On the impact that Usha Vance, the Indian-origin spouse of Republican Vice Presidential candidate, will have on Indian American votes.
It’s remarkable that Indian Americans who are among the various large immigrant groups most recently arrived in the United States, are doing as well as they are politically. The Japanese American population, the Chinese American population, and even the Latino population, which has been here for centuries, if not decades, do not have representation on the two major party tickets the way Indian Americans do. And so why is that?
Immigrants who come from robust democracies are more likely to be engaged in politics than immigrants who come from Communist countries or other repressive regimes. High English proficiency, is a factor too. So, while it might be surprising for a lot of people, it is not unusual to see Indian Americans getting into leadership positions as quickly as they do. Now Usha’s story is a different story. That’s another part of the Indian American story – people doing very well, when it comes to elite education in the United States, and also in terms of elite professionals in the United States.
Now, she [ Usha Vance] has largely not been political herself. And so that, I think, will be a big question in terms of how much will she actually convert Indian Americans over to the Republican side. She was a registered Democrat until less than a decade ago.

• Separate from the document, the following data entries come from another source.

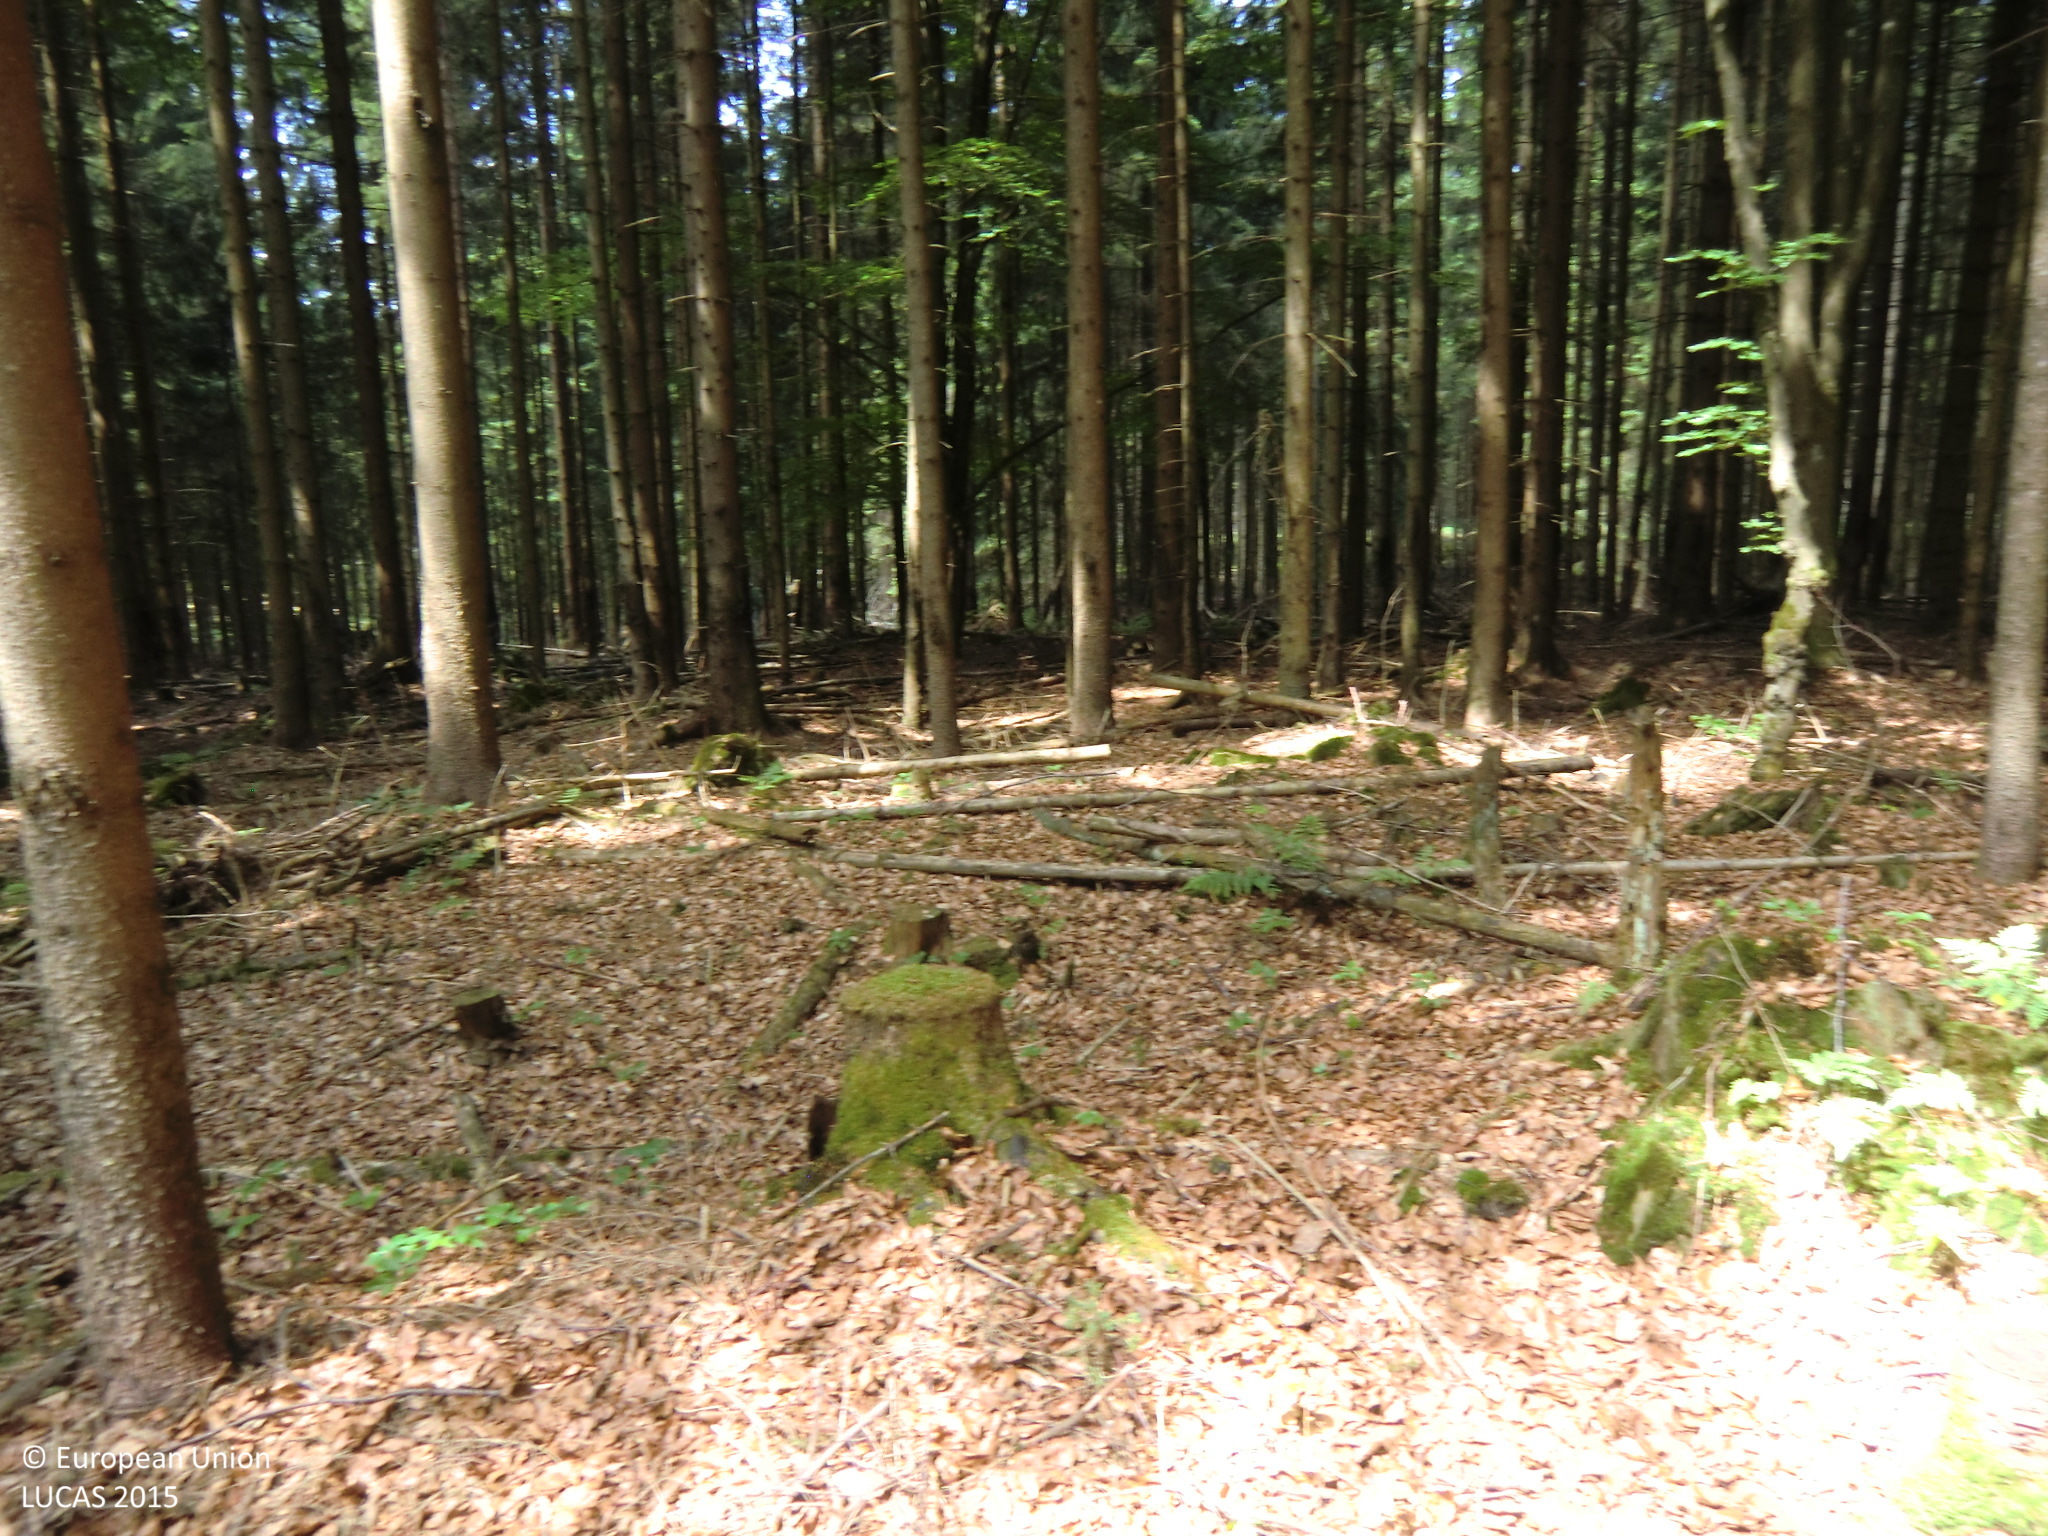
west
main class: Woodland
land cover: Spruce dominated mixed woodland
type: hemiboreal forest and nemoral coniferous forest and mixed broadleaved-coniferous forest
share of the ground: > 75 %
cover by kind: coniferous forest trees 45 %, broadleaved forest trees 45 %, consolidated bare surface 10 %
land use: Forestry
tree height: > 5 m
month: June
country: AT
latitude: 48.3633
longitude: 14.9819

I think what she did, and will continue to do, is to humanize and soften the image of J.D. Vance and maybe try to soften the policies of the Republican Party when it comes to issues like immigration [and] abortion. But there’s not much that the spouses of vice-presidential candidates do. It’s a big question of how much vice presidential candidates themselves do; usually, the focus is on the top of the ticket. When you get to talking about the spouse of a vice presidential candidate, the effects are marginal at best.